Please be aware that this offer is in consideration for and contingent upon: (i) your returning a signed copy of this letter to Groupon no later than 3 days from the date of this letter or 5 business days before your Start Date, whichever comes first; (ii) if applicable, the successful completion of a pre-employment background check and/or drug screen; (iii) your acknowledgement of and agreement to the Confidentiality, Intellectual Property and Restrictive Covenants Agreement (“CIPRA”) and (if applicable) the Mutual Arbitration Agreement; and (iv) your ability to provide satisfactory proof of your identity and authorization to work in the United States, as required by law. You are responsible for obtaining and maintaining valid work authorization and for promptly notifying the Company of any changes to your work authorization status. Nothing in this letter alters the at-will nature of your employment.

Compensation

Your annualized base salary, prorated for your first year of employment, will be $500,000.00, less withholdings and deductions. Groupon utilizes a semi-monthly payroll (24 pay periods per year).

In further consideration for your agreeing to the terms of the CIPRA, you will be eligible to participate in the Groupon Annual Bonus Plan (the “ABP”) according to the terms and conditions as outlined in the plan, which you will receive during your on-boarding. Your target gross annual bonus potential under the ABP will be up to $150,000.00, pro-rated to your join date for 2026 (with a $50,000 ‘floor’). Your bonus is subject to approval by the Compensation Committee and your continuous employment through the payment date of that bonus. Bonus amounts are currently determined and paid on an annual basis. As such, any bonus amount is not guaranteed.

In addition, you are eligible to receive a cash sign-on bonus in the total gross amount of $150,000.00, less withholdings and deductions, to be paid in three equal installments of $50,000.00, provided you are continuously and actively employed through each applicable payment date, and are meeting performance expectations at the time of payment.

•The first installment of $50,000.00 (the “First Installment”) will be payable on November 15, 2026.

•The second installment of $50,000.00 (the “Second Installment”) will be payable on February 15, 2027.

•The third installment of $50,000.00 (the “Third Installment”) will be payable on May 15, 2027.

•If your employment terminates for any reason before receiving payment of the First, Second, and/or Third Installment, you will no longer be eligible for that installment and any subsequent installments.

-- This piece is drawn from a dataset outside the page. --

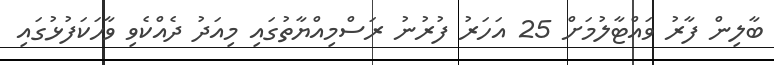
ބާލިން ފާރު ވައްޓާލުމަށް 25 އަހަރު ފުރުނު ރަސްމިއްޔާތުގައި މިއަދު ދެއްކެވި ވާހަކަފުޅުގައި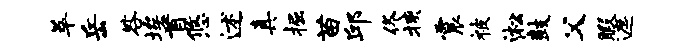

Upon approval by the Compensation Committee of the Board of Directors or via delegated authority, Groupon, Inc. will grant you a a joiner equity award of 155,000 shares in the form of PSUs and ERSUs, pursuant to the Groupon, Inc. 2011 Incentive Plan (“Plan”). Fifty percent (50%) of the award will be granted as ERSUs, which will vest one-third annually over the next three years, and fifty percent (50%) of the award will be granted as PSUs, which will cliff vest subject to achievement of the applicable performance conditions. The award will be subject to the terms of the Plan and a form of award agreement that you will be required to sign as a condition of receiving the award.

You will be entitled to participate in the annual long term incentive plan (LTIP), pursuant to the Groupon, Inc. 2011 Incentive Plan (“Plan”). In May 2027 your award will be a minimum of $500,000.00 (in the form of shares).

Groupon reserves the right to modify the terms of your compensation and bonus opportunity in the future.

Benefits

You are eligible to participate in the following Groupon employee benefit plans beginning on the 1st of the month following your Start Date: medical insurance, dental insurance, vision insurance, an employee assistance program, flexible spending accounts, life insurance, short and long-term disability programs, and the 401(k) plan. You are eligible for routine time off beginning on your Start Date. Participation in any benefit program is subject at all times to the terms of any applicable plan or policy. Groupon reserves the right to modify, change, or cease these benefits or begin new benefits in the future.

Employment Conditions and Requirements

Your position is subject to a probationary period of up to three (3) months from your start date. During this time, your performance, conduct, and overall fit for the role will be evaluated. The probationary period may be extended or concluded earlier at the discretion of the company. Please note that completion of the probationary period does not guarantee continued employment. This probationary status has no impact on the schedule for equity vesting, eligibility for bonuses, or any other terms of employment.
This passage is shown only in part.